A healthier twist on cinnamon-raisin swirl bread, this makes fabulous toast. I can’t wait to try it as French toast!
If you can’t find 10-grain flour, pick up a bag of 10-grain bread machine mix and use that.
Makes 2 loaves, 16 slices per loaf
1 1/2 cups water
2 TBL honey
2 tsp salt
1 cup white whole wheat flour
3 cups unbleached bread flour
1/2 cup 10-grain flour
2 tsp yeast
6 TBL sugar
2 1/2 tsp cinnamon
1 TBL flour
1 large egg, beaten with 1 TBL water
1 cup raisins
Add dough ingredients to your bread machine in the order recommended by the manufacturer. Use dough cycle.

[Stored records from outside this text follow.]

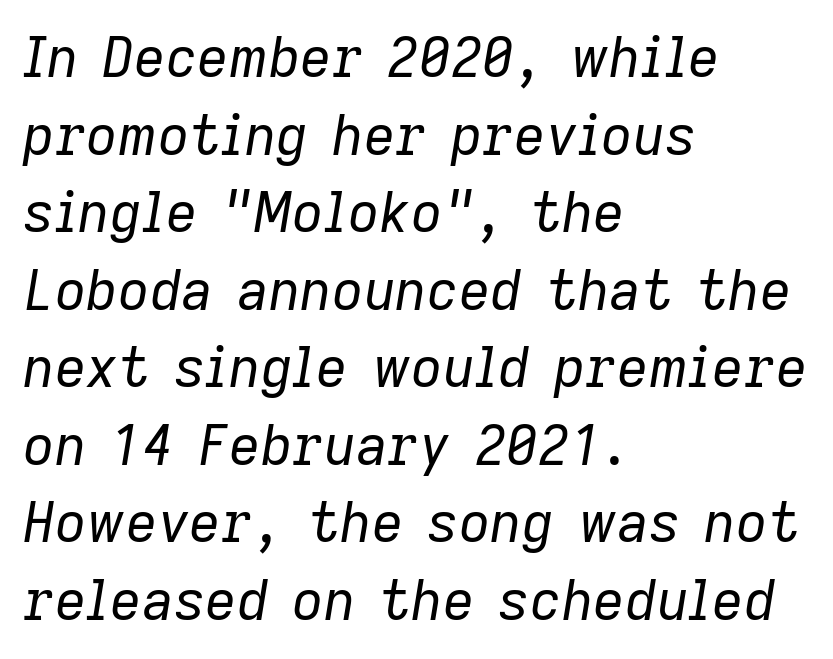
Style check: oblique. Looks like regular typesetting: each glyph gets only the width it needs. The block of text has a typical density, with ordinary space between rows. Weight: in the light-to-regular range.
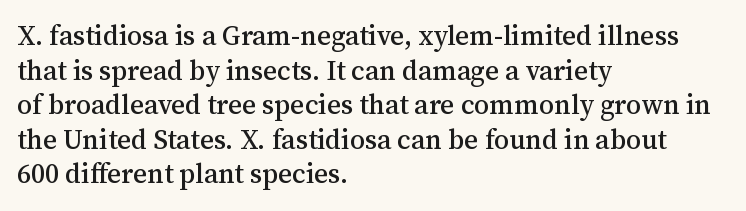
The image shows 27 px text type, upright; set left-aligned, normal line spacing (1.28x), normal letter spacing, not underlined.
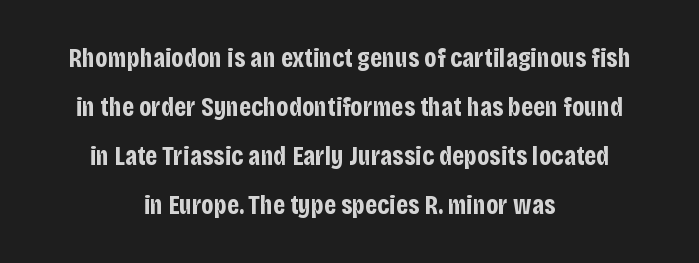
Q: Is the text bold? A: Yes.
Q: Is the text italic (slanted)? A: No, it is upright.
Q: Is the text underlined? A: No.
Q: How is the paragraph aligned? A: Centered.
Q: Is the spacing between letters normal or unusually wide? A: Normal.
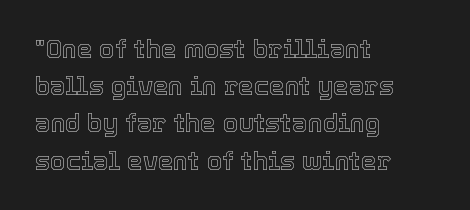
{"italic": "no", "underline": "no", "align": "left", "line_spacing": "normal", "line_spacing_ratio": 1.49, "letter_spacing": "normal", "letter_spacing_em": 0.0, "glyph_px": 25}
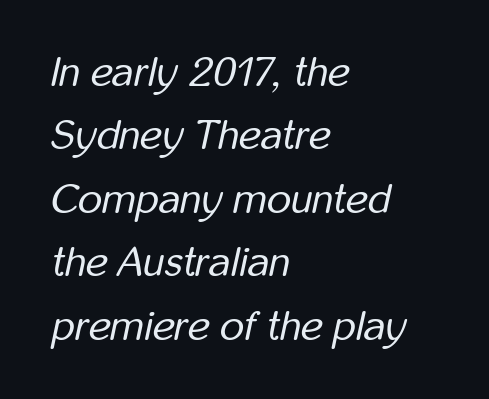
{"italic": "yes", "lean": "right", "slant_degrees": 12, "bold": "no", "weight": "regular", "width": "condensed", "stroke_contrast": "low", "x_height": "medium", "monospaced": "no", "underline": "no", "align": "left", "line_spacing": "normal", "line_spacing_ratio": 1.51, "letter_spacing": "normal", "letter_spacing_em": 0.0, "glyph_px": 42}
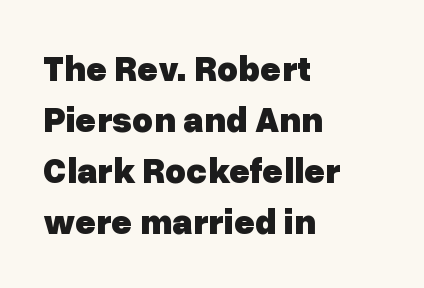
The image shows 36 px heavy sans-serif type, upright; set left-aligned, normal line spacing (1.42x), normal letter spacing, not underlined; low stroke contrast and a medium x-height.
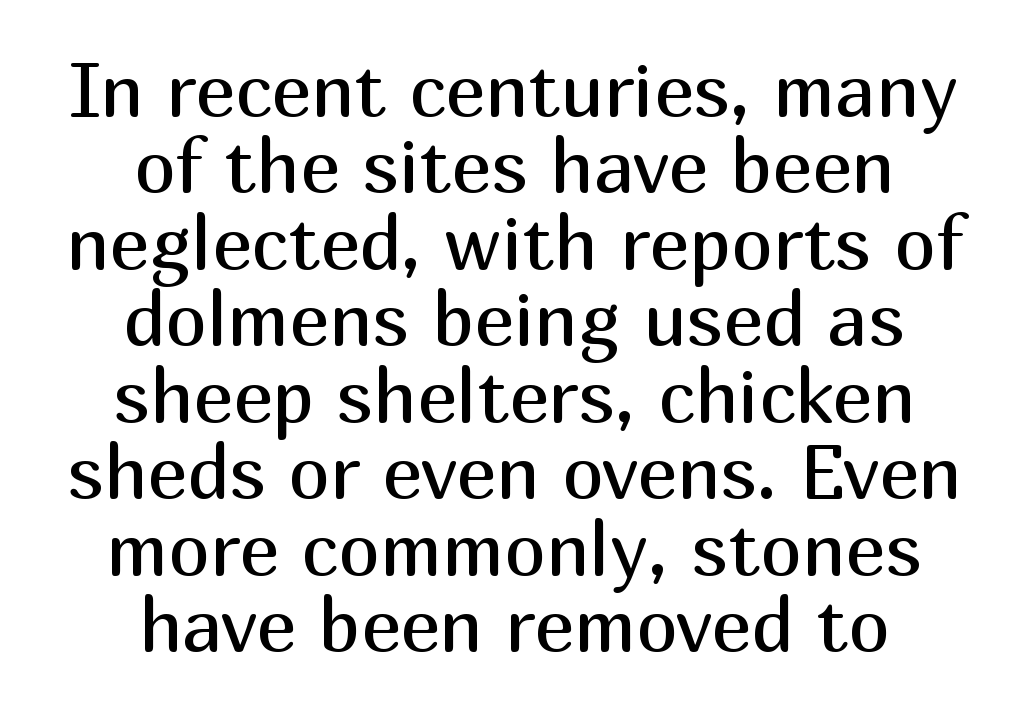
The image shows 75 px regular-weight sans-serif type, upright; set centered, tight line spacing (1.02x), normal letter spacing, not underlined; medium stroke contrast and a medium x-height.
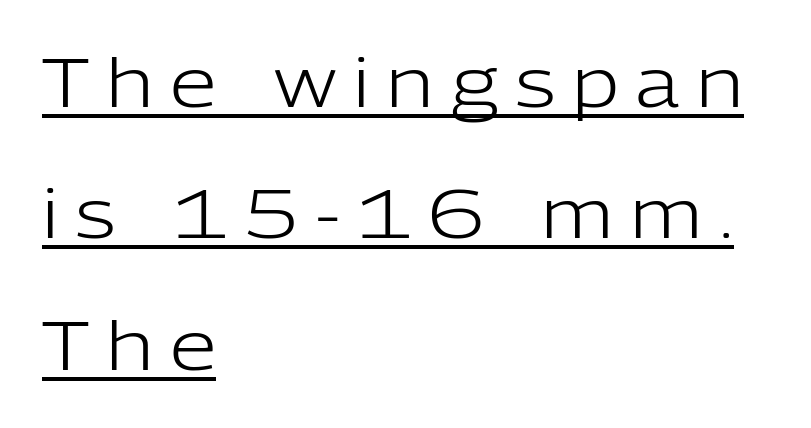
Q: Is the text bold? A: No.
Q: Is the text italic (slanted)? A: No, it is upright.
Q: Is the typeface a serif or a sans-serif typeface? A: Sans-serif.
Q: Is the text underlined? A: Yes.
Q: How is the paragraph aligned? A: Left-aligned.
Q: Is the spacing between letters normal or unusually wide? A: Unusually wide.
Q: Is the spacing between lines tight, normal or loose? A: Loose.
Q: Width (condensed, normal, or wide)? A: Normal.
Q: Stroke contrast? A: Low.
Q: x-height? A: Medium.
Q: Monospaced? A: No.
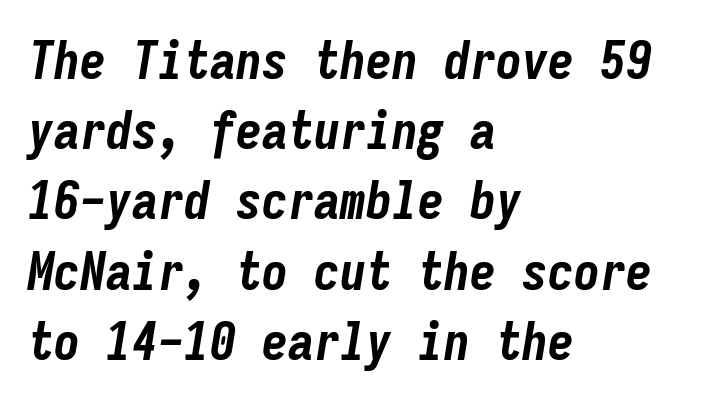
Emphasis by weight is at full strength: bold. Does the copy run flush right? No — it runs flush left. Each row of text sits above clean, open space. Summary of vertical rhythm: regular, with standard interline spacing. No extra tracking has been applied to these lines.
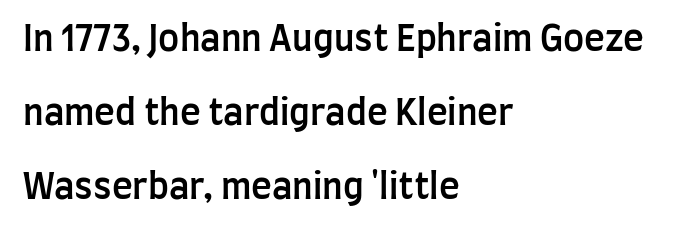
{"serif": "no", "italic": "no", "bold": "semi", "weight": "semibold", "width": "condensed", "stroke_contrast": "low", "x_height": "large", "monospaced": "no", "underline": "no", "align": "left", "line_spacing": "loose", "line_spacing_ratio": 2.11, "letter_spacing": "normal", "letter_spacing_em": 0.0, "glyph_px": 35}

When cycle is completed, turn dough onto a floured surface. Cover with a tea towel and allow to rest 10 minutes. Divide in half and roll each piece into a rectangle.
Prepare two loaf pans by brushing with oil.
Combine sugar, cinnamon and flour. Brush beaten egg over dough. Sprinkle with sugar mixture and top with raisins. Roll into a tight cylinder, pinching the ends and bottom. Place in prepared loaf pans. Cover with a tea towel.
Allow to rise 1 hour, then preheat oven to 325 and bake 35 minutes.
Let bread cool completely before slicing.
Nutrition information is per slice of bread and is based on 16 slices per loaf.